See this link for mention of the instantaneous nature of the phenomenon. (Its really only a *trigger* that happens instantaneously.)

www.newscientist.com/hottopics/quantum/fromheretothere.jsp

Weird, wild stuff!

Graham Rhodes
Senior Scientist
Applied Research Associates, Inc.

[edited by - grhodes_at_work on June 11, 2002 1:53:46 PM]
Graham Rhodes Moderator, Math & Physics forum @ gamedev.net
quote:

I''m going off topic now, but I''d just like to add that there is one thing that can travel faster than lightspeed. Information transmitted by wire! I read about an experiment not long ago where they cooled a wire close to absolute zero and then the transmitted signal travelled at 2-3 times the speed of light.

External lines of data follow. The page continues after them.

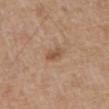Assessment:
Recorded during total-body skin imaging; not selected for excision or biopsy.
Clinical summary:
A close-up tile cropped from a whole-body skin photograph, about 15 mm across. Automated tile analysis of the lesion measured a lesion color around L≈53 a*≈19 b*≈32 in CIELAB, roughly 9 lightness units darker than nearby skin, and a normalized border contrast of about 6.5. The software also gave a border-irregularity index near 3/10, internal color variation of about 2.5 on a 0–10 scale, and peripheral color asymmetry of about 1. And it measured an automated nevus-likeness rating near 15 out of 100 and a detector confidence of about 100 out of 100 that the crop contains a lesion. The subject is a male aged around 70. Located on the abdomen. The lesion's longest dimension is about 3 mm.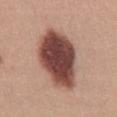Imaged during a routine full-body skin examination; the lesion was not biopsied and no histopathology is available.
A 15 mm close-up tile from a total-body photography series done for melanoma screening.
The lesion is on the mid back.
A female subject, about 35 years old.
The tile uses white-light illumination.
The lesion-visualizer software estimated an area of roughly 30 mm², an outline eccentricity of about 0.85 (0 = round, 1 = elongated), and a shape-asymmetry score of about 0.2 (0 = symmetric). The software also gave an average lesion color of about L≈45 a*≈23 b*≈23 (CIELAB), about 21 CIELAB-L* units darker than the surrounding skin, and a normalized border contrast of about 14.5. And it measured a nevus-likeness score of about 90/100 and a lesion-detection confidence of about 100/100.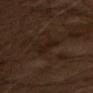Imaged with cross-polarized lighting. A region of skin cropped from a whole-body photographic capture, roughly 15 mm wide. The patient is a male roughly 65 years of age.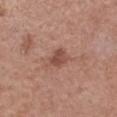notes: total-body-photography surveillance lesion; no biopsy
location: the left forearm
subject: female, roughly 40 years of age
acquisition: 15 mm crop, total-body photography
lesion size: about 3 mm
tile lighting: white-light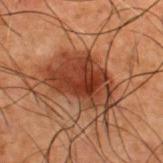The patient is a male about 50 years old. On the back. Cropped from a total-body skin-imaging series; the visible field is about 15 mm. The tile uses cross-polarized illumination.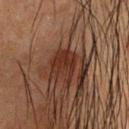Case summary:
* workup: catalogued during a skin exam; not biopsied
* imaging modality: ~15 mm crop, total-body skin-cancer survey
* lesion size: ≈4.5 mm
* location: the head or neck
* lighting: cross-polarized illumination
* subject: male, about 50 years old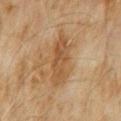biopsy_status: not biopsied; imaged during a skin examination
lesion_size:
  long_diameter_mm_approx: 7.0
image:
  source: total-body photography crop
  field_of_view_mm: 15
patient:
  sex: male
  age_approx: 60
site: front of the torso
lighting: cross-polarized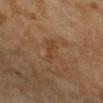Case summary:
* follow-up · imaged on a skin check; not biopsied
* lesion size · ~4 mm (longest diameter)
* TBP lesion metrics · a mean CIELAB color near L≈43 a*≈20 b*≈32, a lesion–skin lightness drop of about 5, and a normalized border contrast of about 4.5; a nevus-likeness score of about 0/100 and a lesion-detection confidence of about 100/100
* tile lighting · cross-polarized
* imaging modality · ~15 mm tile from a whole-body skin photo
* body site · the left forearm
* patient · female, approximately 70 years of age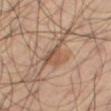Clinical impression:
Imaged during a routine full-body skin examination; the lesion was not biopsied and no histopathology is available.
Acquisition and patient details:
This image is a 15 mm lesion crop taken from a total-body photograph. The recorded lesion diameter is about 5 mm. Captured under cross-polarized illumination. A male patient approximately 60 years of age. The lesion is on the right thigh.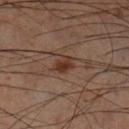Longest diameter approximately 3 mm.
An algorithmic analysis of the crop reported an eccentricity of roughly 0.75 and a shape-asymmetry score of about 0.2 (0 = symmetric). It also reported an average lesion color of about L≈33 a*≈18 b*≈25 (CIELAB), a lesion–skin lightness drop of about 9, and a lesion-to-skin contrast of about 8.5 (normalized; higher = more distinct).
A region of skin cropped from a whole-body photographic capture, roughly 15 mm wide.
The lesion is located on the left lower leg.
The subject is a male aged approximately 60.
The tile uses cross-polarized illumination.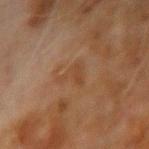Findings:
• notes · no biopsy performed (imaged during a skin exam)
• patient · male, aged 68–72
• imaging modality · 15 mm crop, total-body photography
• site · the right upper arm
• lesion diameter · ≈3.5 mm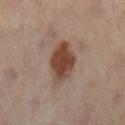{"biopsy_status": "not biopsied; imaged during a skin examination", "site": "left leg", "automated_metrics": {"eccentricity": 0.7, "shape_asymmetry": 0.2, "nevus_likeness_0_100": 95}, "lesion_size": {"long_diameter_mm_approx": 5.0}, "patient": {"sex": "female", "age_approx": 60}, "lighting": "cross-polarized", "image": {"source": "total-body photography crop", "field_of_view_mm": 15}}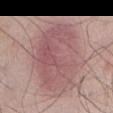This lesion was catalogued during total-body skin photography and was not selected for biopsy.
The subject is a male aged approximately 55.
Measured at roughly 8.5 mm in maximum diameter.
A 15 mm crop from a total-body photograph taken for skin-cancer surveillance.
Imaged with white-light lighting.
From the abdomen.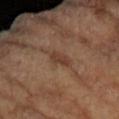notes: total-body-photography surveillance lesion; no biopsy | image-analysis metrics: a mean CIELAB color near L≈39 a*≈19 b*≈27 and a lesion-to-skin contrast of about 7 (normalized; higher = more distinct); a border-irregularity rating of about 3/10, a within-lesion color-variation index near 1/10, and peripheral color asymmetry of about 0 | image source: total-body-photography crop, ~15 mm field of view | patient: female, in their 70s | location: the arm | lighting: cross-polarized illumination.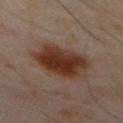Recorded during total-body skin imaging; not selected for excision or biopsy.
A 15 mm crop from a total-body photograph taken for skin-cancer surveillance.
The lesion is located on the mid back.
A male patient aged 68 to 72.
Measured at roughly 5 mm in maximum diameter.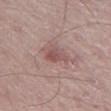Captured during whole-body skin photography for melanoma surveillance; the lesion was not biopsied.
Imaged with white-light lighting.
From the left thigh.
A male patient, aged approximately 50.
Longest diameter approximately 3 mm.
A region of skin cropped from a whole-body photographic capture, roughly 15 mm wide.
An algorithmic analysis of the crop reported a lesion area of about 4 mm² and a symmetry-axis asymmetry near 0.45. It also reported about 9 CIELAB-L* units darker than the surrounding skin and a normalized border contrast of about 6.5. The software also gave a border-irregularity index near 4.5/10, a color-variation rating of about 2/10, and peripheral color asymmetry of about 0.5. And it measured a nevus-likeness score of about 15/100 and a lesion-detection confidence of about 100/100.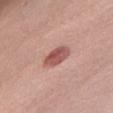follow-up: imaged on a skin check; not biopsied | automated lesion analysis: a footprint of about 6.5 mm², an outline eccentricity of about 0.8 (0 = round, 1 = elongated), and a shape-asymmetry score of about 0.15 (0 = symmetric); a border-irregularity index near 1.5/10, a within-lesion color-variation index near 3.5/10, and peripheral color asymmetry of about 1 | image source: total-body-photography crop, ~15 mm field of view | lesion diameter: ~3.5 mm (longest diameter) | body site: the right thigh | tile lighting: white-light | subject: female, in their 40s.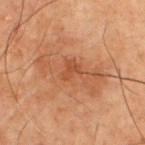• notes: imaged on a skin check; not biopsied
• subject: male, aged around 70
• location: the chest
• illumination: cross-polarized illumination
• acquisition: ~15 mm crop, total-body skin-cancer survey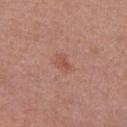{
  "lesion_size": {
    "long_diameter_mm_approx": 2.5
  },
  "image": {
    "source": "total-body photography crop",
    "field_of_view_mm": 15
  },
  "patient": {
    "sex": "female",
    "age_approx": 50
  },
  "automated_metrics": {
    "cielab_L": 53,
    "cielab_a": 24,
    "cielab_b": 29,
    "vs_skin_contrast_norm": 5.0,
    "lesion_detection_confidence_0_100": 100
  },
  "lighting": "white-light",
  "site": "chest"
}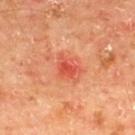Recorded during total-body skin imaging; not selected for excision or biopsy.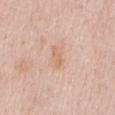{
  "biopsy_status": "not biopsied; imaged during a skin examination",
  "lesion_size": {
    "long_diameter_mm_approx": 2.5
  },
  "image": {
    "source": "total-body photography crop",
    "field_of_view_mm": 15
  },
  "lighting": "white-light",
  "patient": {
    "sex": "female",
    "age_approx": 50
  },
  "site": "mid back"
}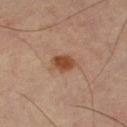The lesion was tiled from a total-body skin photograph and was not biopsied. The lesion's longest dimension is about 3 mm. A 15 mm close-up extracted from a 3D total-body photography capture. On the right thigh. An algorithmic analysis of the crop reported a lesion area of about 5.5 mm², an eccentricity of roughly 0.65, and a symmetry-axis asymmetry near 0.25. The software also gave a normalized border contrast of about 9.5. It also reported border irregularity of about 2 on a 0–10 scale, a color-variation rating of about 2.5/10, and radial color variation of about 1. It also reported an automated nevus-likeness rating near 95 out of 100 and lesion-presence confidence of about 100/100. Imaged with cross-polarized lighting.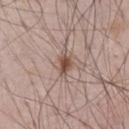Assessment:
This lesion was catalogued during total-body skin photography and was not selected for biopsy.
Context:
Cropped from a total-body skin-imaging series; the visible field is about 15 mm. The lesion is on the front of the torso. This is a white-light tile. The subject is a male in their mid-60s. Measured at roughly 3 mm in maximum diameter.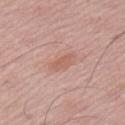The lesion was tiled from a total-body skin photograph and was not biopsied. Captured under white-light illumination. A close-up tile cropped from a whole-body skin photograph, about 15 mm across. A male patient, in their 50s. The lesion is located on the arm. Approximately 3 mm at its widest.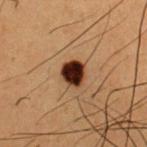Q: Was a biopsy performed?
A: catalogued during a skin exam; not biopsied
Q: Patient demographics?
A: male, aged 48–52
Q: Lesion size?
A: about 3 mm
Q: What lighting was used for the tile?
A: cross-polarized illumination
Q: How was this image acquired?
A: 15 mm crop, total-body photography
Q: Where on the body is the lesion?
A: the chest
Q: What did automated image analysis measure?
A: an average lesion color of about L≈23 a*≈18 b*≈23 (CIELAB) and a normalized lesion–skin contrast near 20; a border-irregularity index near 2/10, a color-variation rating of about 4.5/10, and peripheral color asymmetry of about 1.5

This is to a part true (I''ve also read about those experiments).
Somewhere (a Swedish sciense magazine i think) I read about
that you using a wave-chamber can get light to travel faster
than light (hmm..). You can also slow down light using
Boose-Einstein condensate.

But! All this is false. You cannot compare (for example)
speed in Boose-Einstein condensate or a wave-chamber with
light-speed i vaccum. Nothing that has a mass can travel
faster than light-speed in the same medium.

BR
Marten Svanfeldt
More off topic:

electrons across a wire do move slowly; the drift velocity is almost negligible compared to the speed of light (in a vaccuum).

slowing down light...I saw in a documentary once, that they can freeze light in some sorta crystalline. Is it safe to say that one day our RAM will be optical? I think it is Just imagine, an optical chip, with optical ram...I''m thinking THz CPUs!!! no more playin around with nanoseconds and slow moving electrons...hahaha.

Just my 2 cents.
People fear what they don''t understand, hate what they can''t conquer!
I once read the following: Although a "faster-than-light" light wave is possible, it is impossible to modulate it to carry any information. Any such information still travels at the lower "group velocity." I''m not sure how applicable this statement is, but I thought I''d contribute it just in case!